Israeli researchers said they are not convinced that four doses will overload the immune system, though they did admit that a COVID policy based almost entirely on shots is proving ineffective.
Israel has been diagnosing more than 40,000 new cases per day for the last several days and experts believe the actual number of infected people is two to three times higher.
“You can get two booster shots, but to base your strategy on injections every four months — it does not make sense,” said Prof. Cyrille Cohen, head of the immunology lab at Bar-Ilan University.
“We have a problem, and we have to recognize there is a problem and we have to solve it.
“Repetitive injections defeat the purpose of the vaccine, which is to stop severe infection. You cannot take a new dose every time you have a new variant.”
Israel’s decision to administer a fourth dose was “based on expert opinion and not robust data, because there was no robust data,” said Prof. Eyal Leshem, director of the Center for Travel Medicine and Tropical Diseases at Sheba Medical Center.
His hospital has been at the forefront of evaluating the effectiveness — and waning — of the Pfizer coronavirus vaccine.
The hospital is in the midst of a clinical trial evaluating the safety and effectiveness of a fourth dose of both the Pfizer and Moderna vaccines on around 300 healthcare workers.
Sheba released preliminary results showing that the extra booster is safe in the short term and leads to a fivefold increase in antibodies.
However, the trial’s lead researcher, Dr. Gili Regev-Yochay, told Army Radio that “the amount of antibodies returns to the level it was after the third vaccine, not more. It’s nice, but it’s not what we expect from a booster.”
Leshem also said that that there are multiple vaccines for which people receive three or more doses, including the polio vaccine that requires six doses over a lifetime. He admitted, however, that there are no vaccines that require so many doses in such a brief period.
“We do not have enough data to comment on whether the decision to give a booster provided enhanced protection against severe disease or hospitalization.”
To assess the actual benefit of the booster, Leshem said, scientists will have to compare all the people susceptible to severe disease that received a fourth dose to those who could have but did not — something which will only be able to be done effectively in several weeks.

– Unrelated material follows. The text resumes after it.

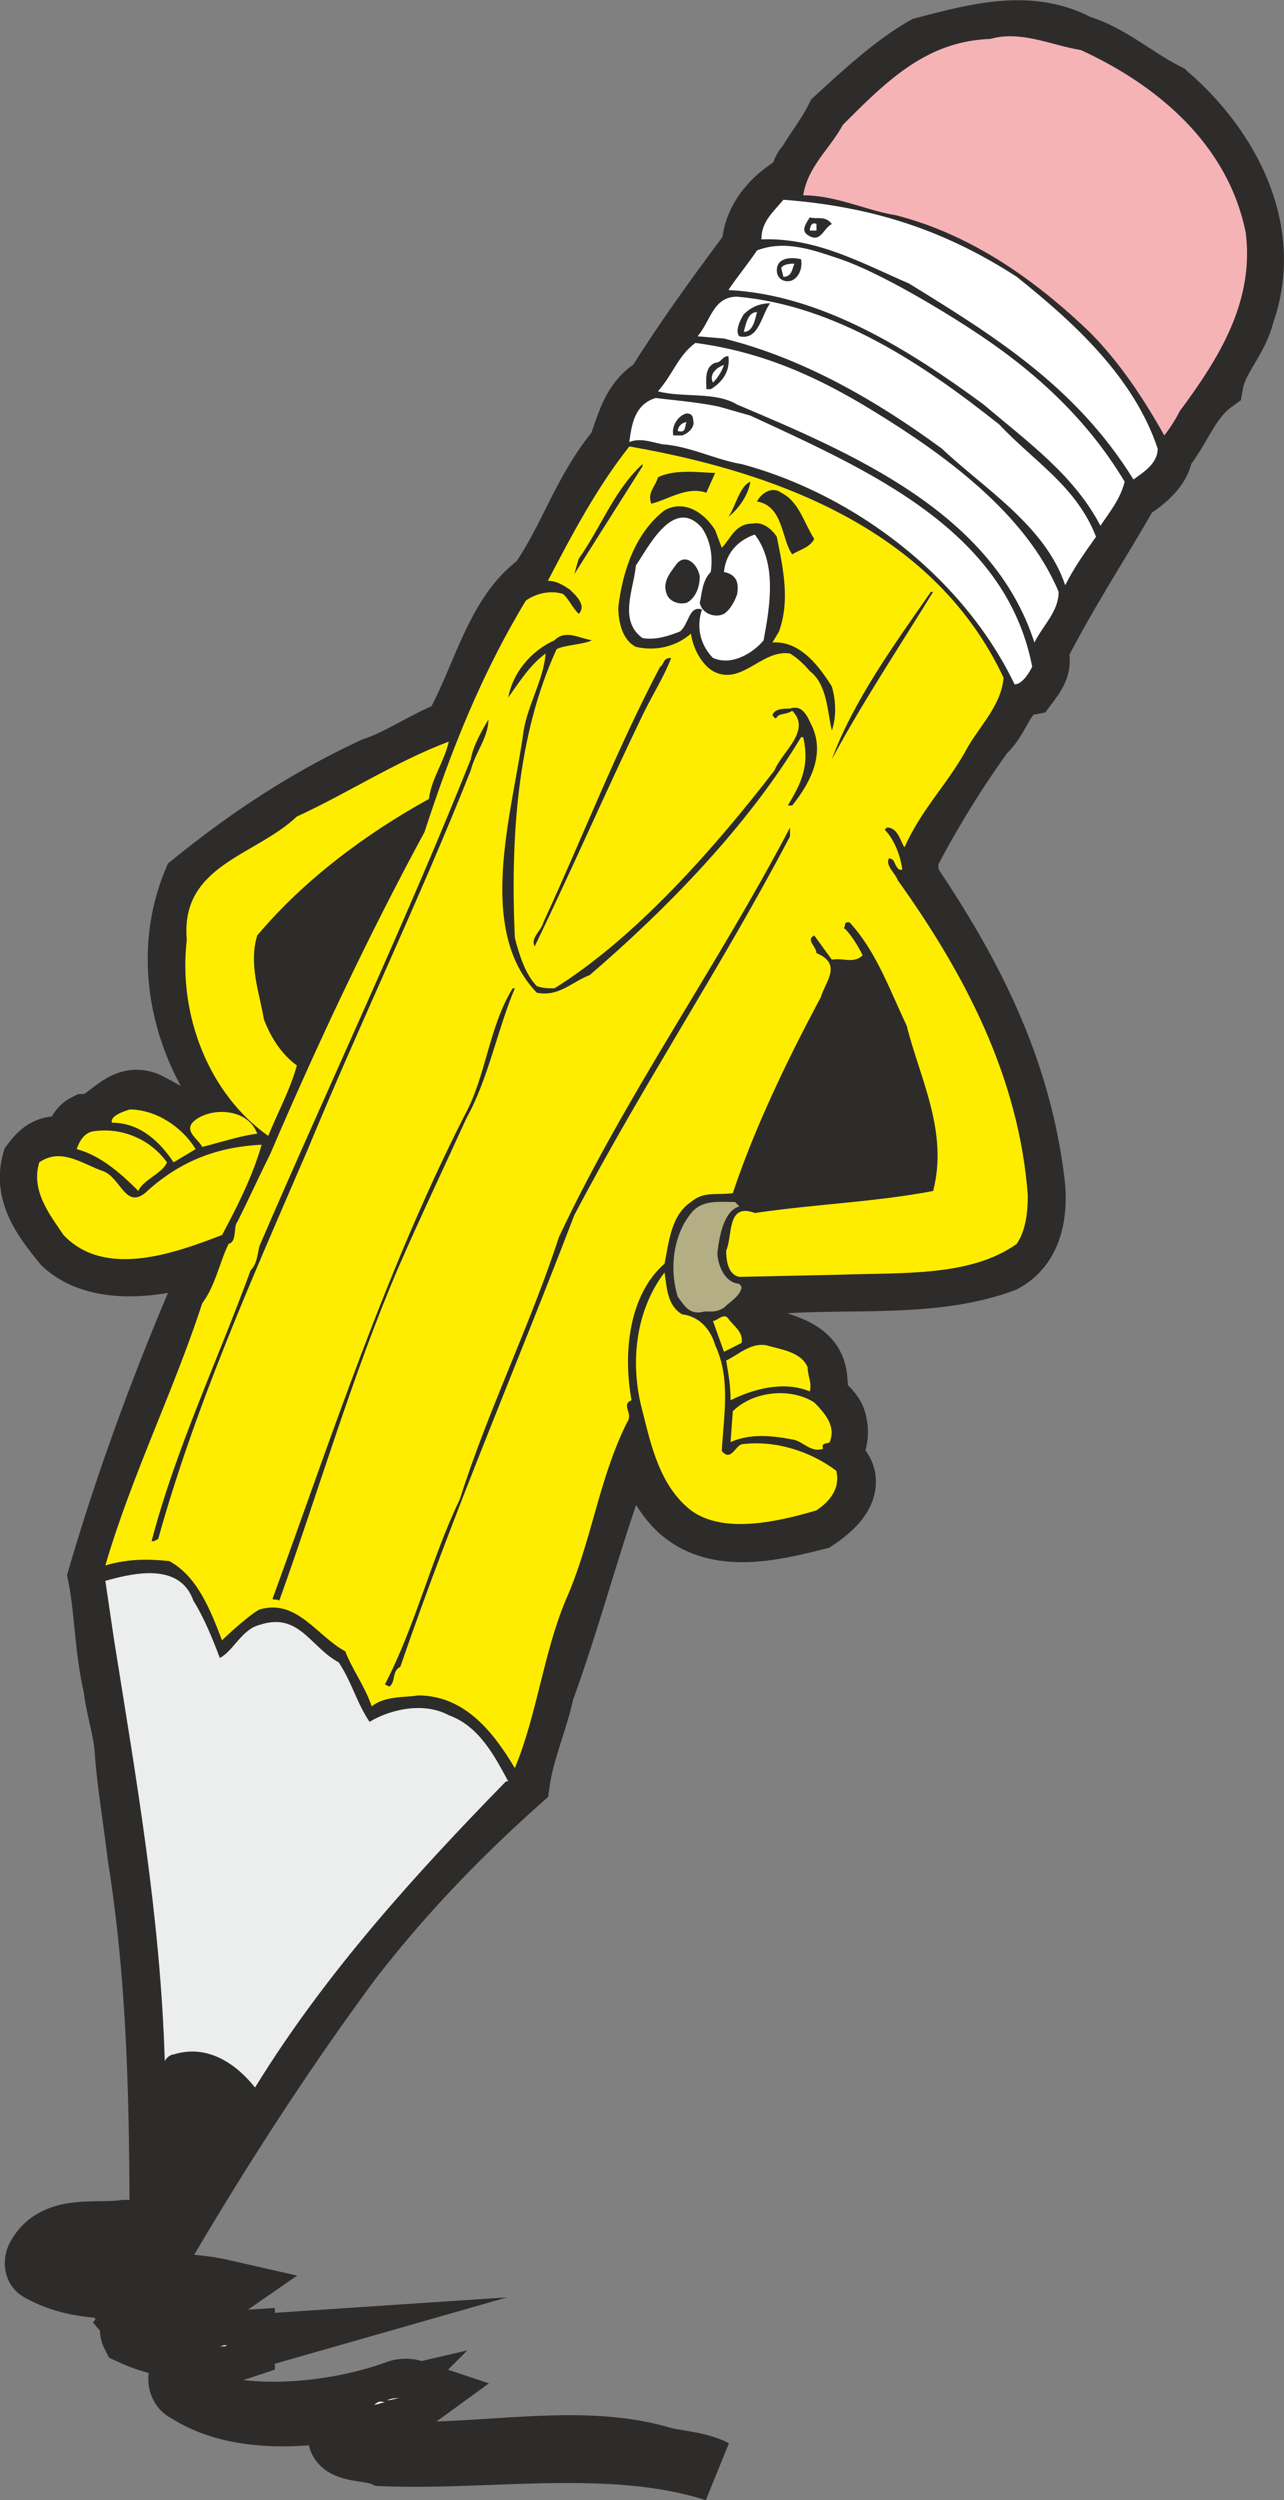 <svg height="108.961" viewBox="0 0 41.992 81.721" width="55.989" xmlns="http://www.w3.org/2000/svg"><rect x="0" y="0" width="41.992" height="81.721" fill="#808080" stroke="none"/><path style="fill:#2d2c2b;stroke:#2d2c2b;stroke-width:2.016;stroke-linecap:square;stroke-miterlimit:10.433" d="M302.462 492.657c1.944 1.656 3.528 4.392 2.52 7.2-.216.864-.864 1.44-1.008 2.232-.792.576-1.08 1.584-1.656 2.232 0 .504-.576 1.008-1.08 1.296-.936 1.656-2.088 3.384-3.024 5.256.216.432-.072.792-.288 1.08-.792.144-.864 1.08-1.44 1.584a32.83 32.83 0 0 0-2.52 4.104l.072.72c2.088 3.096 3.672 6.192 4.104 10.008.072.864-.072 1.944-1.008 2.448-2.52.936-5.544.432-8.28.792 0 .432-.504.504-.576.864.432.288.576 1.296 1.296.936.648.216 1.368.432 1.44 1.224-.36.72.576.864.648 1.512.072.288 0 .648-.144.864l-.216.144c.288.216.648.432.648.864 0 .504-.504.936-.936 1.224-1.44.36-3.24.792-4.464-.288-.864-.792-1.152-2.016-1.44-3.024-1.224 2.88-1.944 5.976-3.024 8.928-.216 1.008-.648 1.944-.792 2.952-2.016 1.8-3.888 3.744-5.544 5.904-2.232 3.024-4.176 6.048-6.048 9.216-.36-.432-1.368-.288-2.016-.288-.792.144-1.728.144-2.088.864.216.432.792.432 1.224.648 1.512.216 3.168-.072 4.752.288-.936.648-2.088.216-2.88 1.08.792.936 2.448.648 3.6.576v.216c-.648.216-1.512.36-1.872.936 0 .72.792.864 1.368 1.08 1.728.288 3.888 0 5.472-.576.36-.144.648 0 .864.072-.792.576-2.088.36-2.52 1.44.144.36.648.144.864.432 3.168.288 6.624-.648 9.504.216.576.144 1.152.144 1.728.432-3.384-1.08-7.344-.36-10.872-.504-.504-.216-1.512-.072-1.44-.72.36-.36.72-.648 1.008-.936-1.872.432-4.32.648-5.976-.432-.216-.072-.36-.432-.144-.72.288-.216.72-.576 1.224-.72-1.08.072-1.944 0-2.88-.432-.072-.144 0-.36-.072-.504.576-.792 1.584-.432 2.304-.864-1.872-.36-3.6.216-5.256-.72-.144-.072-.144-.288-.072-.432.576-1.08 1.944-.72 2.88-.864.36 0 .72.144 1.152.072 0-4.176-.072-8.28-.72-12.312-.144-1.224-.36-2.448-.432-3.6-.072-.648-.288-1.296-.36-1.944-.288-1.224-.288-2.52-.504-3.6 1.08-3.672 2.448-7.272 4.032-10.8-.432-.072-.792.288-1.152.36-1.296.36-3.024.504-4.032-.432-.576-.72-1.296-1.584-1.008-2.664.216-.288.432-.504.864-.504.504.36.432-.504.864-.72.72 0 1.152-1.08 2.016-.72.432.216.792.432 1.224.72.288-.504.864-.648 1.44-.72-1.512-1.944-2.16-4.752-1.152-7.2 1.872-1.512 3.744-2.736 5.904-3.744.864-.288 1.656-.864 2.592-1.224.936-1.584 1.368-3.816 2.808-4.824 1.008-1.44 1.44-3.024 2.592-4.392.288-.72.432-1.584 1.224-2.016.936-1.512 2.088-3.096 3.168-4.536 0-.72.432-1.368 1.008-1.8.648.216.432-.648.792-.936.288-.504.648-.936.936-1.512.864-.792 1.872-1.728 2.88-2.304 1.656-.432 3.456-.936 5.04-.072 1.008.288 1.872 1.08 2.88 1.584zm-26.28 27.288c-.72 1.44-1.152 2.952-2.016 4.248-1.296-.792-1.296-2.664-1.224-4.032 1.656-1.656 3.168-2.808 5.112-4.032-.288 1.368-1.368 2.448-1.872 3.816zm18.504 8.424c-1.944.144-3.888.504-5.904.576.072-.144-.216-.144-.216-.288h-.072c.864-2.52 2.232-4.968 3.312-7.416l.864-.144c1.224 2.088 2.16 4.68 2.016 7.272z" transform="translate(-264.313 -489.584)"/><path style="fill:#f5b3b6" d="M299.654 491.217c2.52 1.152 4.824 3.096 5.4 5.976.288 2.304-.936 4.176-2.16 5.832a4.843 4.843 0 0 1-.504.792c-.648-1.152-1.44-2.376-2.448-3.384-1.728-1.656-3.816-3.168-6.336-3.816-.936-.144-1.944-.648-3.024-.648.144-.936.864-1.512 1.296-2.304 1.44-1.44 2.736-2.736 4.824-2.808 1.008-.288 2.016.216 2.952.36z" transform="translate(-264.313 -489.584)"/><path style="fill:#fff" d="M297.566 498.633c1.8 1.44 3.816 3.24 4.608 5.616 0 .504-.504.792-.792 1.008-1.872-3.024-4.536-4.68-7.344-6.408-1.512-.648-3.024-1.512-4.824-1.44 0-.576.36-.864.72-1.296 2.808.216 5.184.936 7.632 2.52z" transform="translate(-264.313 -489.584)"/><path style="fill:#2d2c2b" d="M291.518 496.905c-.288.144-.36.648-.792.36-.216-.144-.072-.36.072-.576.216.072.504-.072.72.216z" transform="translate(-264.313 -489.584)"/><path style="fill:#fff" d="M291.014 497.12h-.216c0-.143.072-.287.216-.215zm4.968 3.169c2.016 1.296 3.816 2.88 5.112 5.04-.144.576-.504 1.008-.792 1.44-.864-1.656-2.376-2.736-3.816-3.96-2.448-1.8-5.328-3.6-8.352-3.744.288-.432.648-.864.936-1.296.936-.36 1.872 0 2.736.288 1.656.576 4.176 2.232 4.176 2.232z" transform="translate(-264.313 -489.584)"/><path style="fill:#2d2c2b" d="M290.51 498.057c.072.36-.144.72-.432.72-.216 0-.36-.144-.36-.36 0-.432.504-.432.792-.36z" transform="translate(-264.313 -489.584)"/><path style="fill:#fff" d="M290.294 498.2c-.072.145-.072.433-.36.433l-.072-.288c.072-.144.36-.144.432-.144zm6.696 5.257c1.152 1.224 2.52 2.016 3.168 3.672-.36.504-.72 1.008-1.008 1.584-.648-1.944-2.664-3.168-4.032-4.464-2.16-1.584-4.536-2.952-7.128-3.6l-.864-.072c.432-.504.504-1.296 1.296-1.296 3.24.288 6.12 2.232 8.568 4.176z" transform="translate(-264.313 -489.584)"/><path style="fill:#2d2c2b" d="M289.502 499.497c-.288.36-.36 1.224-1.008 1.08-.144-.144 0-.504.144-.72.216-.216.504-.36.864-.36z" transform="translate(-264.313 -489.584)"/><path style="fill:#fff" d="M289.07 499.785c-.072.288-.144.648-.432.648.072-.288.144-.648.432-.648zm3.816 3.24c2.232 1.368 4.968 3.312 6.048 5.904 0 .648-.504 1.08-.792 1.656-1.368-4.248-5.976-6.192-9.72-7.776-.72-.432-1.728-.216-2.592-.432.504-.576.648-1.152 1.224-1.584 2.16.288 3.96 1.08 5.832 2.232z" transform="translate(-264.313 -489.584)"/><path style="fill:#2d2c2b" d="M288.134 501.225c.072.504-.216.864-.576 1.08h-.144c0-.288-.072-.72.288-.864.216 0 .216-.216.432-.216z" transform="translate(-264.313 -489.584)"/><path style="fill:#fff" d="M287.99 501.513a1.568 1.568 0 0 1-.36.576c-.144-.288.144-.504.36-.576zm.864 1.656c3.888 1.8 8.352 3.744 9.216 8.208-.144.288-.36.576-.576.576-1.656-3.456-5.184-6.192-8.928-7.2-.864-.144-1.656-.576-2.592-.648-.36-.072-.72-.216-1.08-.072.072-.504.144-1.224.864-1.44.576.072 1.44.144 2.088.288z" transform="translate(-264.313 -489.584)"/><path style="fill:#2d2c2b" d="M286.982 503.313c.072.216-.144.432-.36.504h-.288c-.072-.288.144-.648.432-.72.144 0 .216.072.216.216z" transform="translate(-264.313 -489.584)"/><path style="fill:#fff" d="M286.766 503.385c-.072.144 0 .36-.288.288a.31.31 0 0 1 .288-.288z" transform="translate(-264.313 -489.584)"/><path style="fill:#ffed00" d="M297.134 511.737c-.072.864-.72 1.512-1.152 2.232-.648 1.224-1.512 2.016-2.088 3.312-.144-.216-.216-.648-.576-.648l-.072.072c.288.288.504.792.576 1.296-.144.072-.216-.144-.288-.288 0 0-.072-.072-.144-.072-.144.216.216.504.288.72 2.16 3.024 3.96 6.408 4.248 10.296 0 .576-.072 1.152-.36 1.584-1.512 1.08-3.744.936-5.76 1.008l-3.312.072c-.36-.072-.432-.504-.432-.864.216-.432 0-1.584.936-1.224 1.944-.288 3.96-.36 5.832-.72.504-1.944-.432-3.672-.864-5.4-.576-1.224-1.008-2.448-1.872-3.384-.072 0-.144 0-.144.072s-.072.144 0 .144c.216.216.432.576.576.864-.288.288-.648.072-1.008.144l-.576-.792c-.288.144.072.36.072.576.864.36.288.936.144 1.44-1.08 2.016-2.16 4.248-2.88 6.408-.576.072-.936-.072-1.368.288-.648.432-.72 1.296-.864 2.016-1.152 1.008-1.368 2.88-1.08 4.464-.36.144.072.432-.144.72-.936 1.872-1.152 3.888-2.016 5.832-.72 1.728-.936 3.744-1.656 5.472-.648-1.08-1.584-2.376-3.168-2.376-.36.072-1.08 0-1.512.36-.216-.648-.648-1.224-.864-1.8-.936-.504-1.584-1.728-2.808-1.368-.288.144-1.008.792-1.224 1.008-.36-.936-.792-2.088-1.728-2.592-.72-.072-1.368-.072-2.088.144.864-2.952 2.232-5.688 3.168-8.568.432-.576.576-1.368.864-1.944.288-.072.144-.576.288-.72.36-.72.72-1.512 1.08-2.232 1.512-3.528 3.168-7.056 5.04-10.512.864-2.664 1.872-5.184 3.312-7.56.288-.216.792-.36 1.224-.216.216.216.288.432.504.648.288-.288-.144-.648-.288-.792-.216-.144-.432-.288-.72-.288.792-1.512 1.584-3.024 2.664-4.392 4.968.864 10.008 2.808 12.24 7.56z" transform="translate(-264.313 -489.584)"/><path style="fill:#2d2c2b" d="m285.326 504.825-2.232 3.528.144-.504c.72-1.008 1.152-2.232 2.088-3.096zm2.088.864c-.648-.216-1.224.216-1.8.36-.144-.36.144-.576.216-.864.576-.288 1.44-.144 1.872-.144zm1.44-.36c-.072.432-.36.864-.72 1.152.216-.288.36-1.008.72-1.152zm2.088 1.871c-.144.289-.504.36-.72.505-.36-.504-.288-1.584-1.152-1.728.144-.288.504-.504.792-.288.576.288.72.936 1.08 1.512z" transform="translate(-264.313 -489.584)"/><path style="fill:#2d2c2b" d="m287.702 506.913.216.576c.288-.288.432-.792 1.008-.792.36-.072.648.216.792.432.216 1.08.432 2.088.072 3.096l-.216.36c.936-.072 1.584.864 1.944 1.44.144.504.144 1.008 0 1.44-.144-.576-.144-1.512-.72-1.944 0 0-.288-.36-.648-.576-.936-.144-1.584 1.08-2.52.576-.36-.216-.648-.72-.72-1.224-.504.432-1.152.576-1.8.432-.432-.216-.576-.792-.576-1.296.144-1.224.576-2.448 1.512-3.168.648-.36 1.296.072 1.656.648z" transform="translate(-264.313 -489.584)"/><path style="fill:#fff" d="M287.27 506.84c.288.433.36.937.288 1.44-.288.289-.288.72-.36 1.009.072.36.504.504.792.36.216-.144.36-.432.432-.648.072-.432-.072-.648-.432-.72.072-.72.576-1.08 1.008-1.224.72.936.504 2.304.288 3.456-.288.36-1.008.864-1.656.576-.36-.36-.576-.936-.36-1.584-.432-.144-.432.504-.72.72-.36.144-.792.288-1.224.216-.792-.576-.288-1.584-.216-2.376.36-.504 1.224-2.304 2.16-1.224z" transform="translate(-264.313 -489.584)"/><path style="fill:#2d2c2b" d="M287.198 508.425c0 .36-.144.72-.432.864-.288.072-.576-.072-.648-.288-.144-.36.072-.648.288-.936.288-.432.72-.072.792.36zm7.632.504c-1.152 1.872-2.304 3.6-3.312 5.472.72-1.944 2.088-3.816 3.24-5.472zm-11.16 1.584c-.288.144-.864.144-1.152.288-1.296 2.808-1.512 6.192-1.368 9.432.144.576.36 1.224.72 1.584.216.072.36.072.576.072 2.664-1.656 5.256-4.608 7.2-7.128.216-.576 1.224-1.296.576-1.944-.216.144-.432.072-.504.216-.072.072-.072 0-.144-.072.072-.216.36-.216.576-.216.432-.144.576.288.72.576.432.936-.072 1.872-.648 2.592h-.144c.432-.72.72-1.296.504-2.232h-.072c-1.728 2.88-4.392 5.616-6.912 7.776-.576.216-1.008.72-1.728.576-2.016-2.088-.792-5.904-.432-8.568.144-.864.648-1.656.72-2.52-.504.36-.864.936-1.224 1.44.144-.792.72-1.512 1.512-1.872.36-.36.792-.072 1.224 0z" transform="translate(-264.313 -489.584)"/><path style="fill:#2d2c2b" d="M286.262 511.089c-.216.576-.576 1.152-.864 1.728-1.224 2.52-2.376 5.184-3.6 7.704-.144-.288.216-.504.288-.792 1.296-2.808 2.376-5.616 3.816-8.352.144-.072.072-.288.36-.288zm-5.976 2.016c0 .576-.432 1.08-.576 1.656-1.656 4.176-3.6 8.208-5.328 12.384-1.8 4.176-3.672 8.352-4.896 12.744l-.144.072h-.072c.792-3.024 2.16-5.904 3.24-8.856.216-.216.216-.504.288-.792 2.232-5.184 4.752-10.512 6.912-15.912.072-.432.36-.936.576-1.296z" transform="translate(-264.313 -489.584)"/><path style="fill:#ffed00" d="M278.99 513.825c-.144.648-.576 1.224-.648 1.872-2.088 1.152-4.104 2.664-5.616 4.464-.288.936.072 1.872.216 2.736.216.576.576 1.152 1.08 1.512-.216.792-.648 1.584-.936 2.304-1.944-1.368-2.952-3.96-2.664-6.408-.216-2.448 2.232-2.736 3.6-4.032 1.584-.72 3.24-1.8 4.968-2.448z" transform="translate(-264.313 -489.584)"/><path style="fill:#2d2c2b" d="M290.15 516.92c-2.232 4.249-4.824 8.137-7.056 12.385-1.872 4.896-3.96 9.72-5.688 14.76-.288.144-.144.504-.36.648l-.144-.072c1.008-1.944 1.512-4.104 2.448-6.048.936-2.952 2.304-5.688 3.24-8.568 2.16-4.608 5.184-8.856 7.56-13.392zm-9 4.969c-.576 1.368-.864 2.952-1.584 4.248-.72 1.584-1.512 3.24-2.232 4.896-1.512 3.528-2.592 7.272-3.888 10.872-.072-.072-.216 0-.216-.072 1.944-5.328 3.672-10.656 6.264-15.768.72-1.296.792-2.88 1.584-4.176z" transform="translate(-264.313 -489.584)"/><path style="fill:#ffed00" d="m270.71 527.145-.72.432c-.432-.648-1.08-1.296-2.016-1.296-.072-.216.36-.36.576-.432.864 0 1.728.576 2.16 1.296zm2.016-.505c-.576.073-1.224.289-1.8.433-.144-.288-.72-.576-.144-.936.576-.36 1.656-.288 1.944.504z" transform="translate(-264.313 -489.584)"/><path style="fill:#ffed00" d="M269.774 527.577c-.144.36-.792.576-.936.936-.576-.576-1.224-1.152-2.016-1.368.072-.216.216-.504.504-.576a2.518 2.518 0 0 1 2.448 1.008z" transform="translate(-264.313 -489.584)"/><path style="fill:#ffed00" d="M272.87 527c-.288 1.009-.792 2.017-1.296 2.953-1.512.576-3.816 1.44-5.184 0-.432-.648-1.08-1.44-.792-2.376.72-.504 1.44.072 2.088.288.576.216.72 1.224 1.368.72 1.08-1.008 2.304-1.512 3.816-1.584z" transform="translate(-264.313 -489.584)"/><path style="fill:#b3ae84" d="M288.494 529.017c-.504.144-.648.936-.72 1.512 0 .36.216.936.648 1.008.072 0 .144.072.144.144-.072.288-.36.432-.576.648-.36.216-.504.072-.72.144-.432.072-.576-.216-.792-.504-.288-.936-.144-2.088.504-2.808.36-.36.864-.288 1.368-.288z" transform="translate(-264.313 -489.584)"/><path style="fill:#ffed00" d="M286.622 532.545c.576.072.936.504 1.08 1.008.504 1.08.288 2.232.216 3.456.288.36.432-.144.648-.216 1.08-.144 2.232.216 3.096.864.144.576-.216 1.008-.648 1.296-1.224.36-3.024.792-4.104 0-1.008-.792-1.296-2.088-1.584-3.24-.432-1.584-.216-3.312.72-4.536.072.432.072 1.08.576 1.368z" transform="translate(-264.313 -489.584)"/><path style="fill:#ffed00" d="m288.566 533.48-.576.289-.36-1.008c.144 0 .36-.288.504-.072.144.216.504.432.432.792zm2.16.793c0 .288.144.504.072.792-.864-.36-1.872-.072-2.592.288 0-.504-.072-.864-.144-1.296.432-.216.792-.576 1.296-.504.504.144 1.152.216 1.368.72z" transform="translate(-264.313 -489.584)"/><path style="fill:#ffed00" d="M290.942 535.425c.36.36.72.792.504 1.296-.072.072-.288 0-.216.216-.36.144-.648-.216-.936-.288-.72-.144-1.44-.216-2.088.072l.072-1.008c.648-.648 1.872-.792 2.664-.288z" transform="translate(-264.313 -489.584)"/><path style="fill:#eceded" d="M270.638 541.905c.36.576.648 1.296.864 1.872.432-.216.72-.936 1.296-1.08 1.296-.432 1.656.72 2.592 1.224.432.648.576 1.296 1.008 1.944.72-.432 1.8-.648 2.592-.216 1.008.36 1.512 1.368 1.944 2.16h-.072c-2.952 3.024-5.904 6.264-8.208 10.008-.576-.72-1.512-1.44-2.664-1.08-.072 0-.216.072-.288.216-.144-4.752-.936-9.216-1.656-13.752l-.288-1.944c1.008-.288 2.448-.576 2.88.648z" transform="translate(-264.313 -489.584)"/><path style="fill:#fff" d="M271.718 566.24c0 .073-.144 0-.216.073.072-.072.144-.072.216-.072zm5.688 1.729c-.144 0-.288.072-.432.072.144-.072.288-.072.432-.072zm-.504.144c-.144 0-.216.072-.36.072.144-.072.144-.144.36-.072z" transform="translate(-264.313 -489.584)"/></svg>

Meanwhile, “I don’t think it will harm anyone.”
For now, Israel has stuck to only administering the vaccine to those facing the highest risk from infection.
At the same time, research is showing that while vaccine effectiveness will be reduced against symptomatic disease caused by the Omicron variant, protection against severe disease is more likely to be preserved, according to WHO.
More than 60% of Israelis have received two doses of the coronavirus vaccine, around 80% of the eligible population has received two doses and a booster jab. Almost 25% of children aged 5-11 have also been jabbed since Israel opened its kids’ vaccination campaign in November.
Vaccination, both Leshem and Cohen said, are likely part of the reason that while severe cases are rising, they are doing so at a much slower pace than in any previous waves, though it is understood that the Omicron variant in general is less virulent than previous variants.
Data provided by the Health Ministry shows that there is an almost tenfold reduction in severe disease among people over the age of 60 who are fully vaccinated compared to those who are not.
Leshem said that as more vaccinated Israelis catch Omicron, the combination with immunity may prove most effective and alleviate the need for any future booster.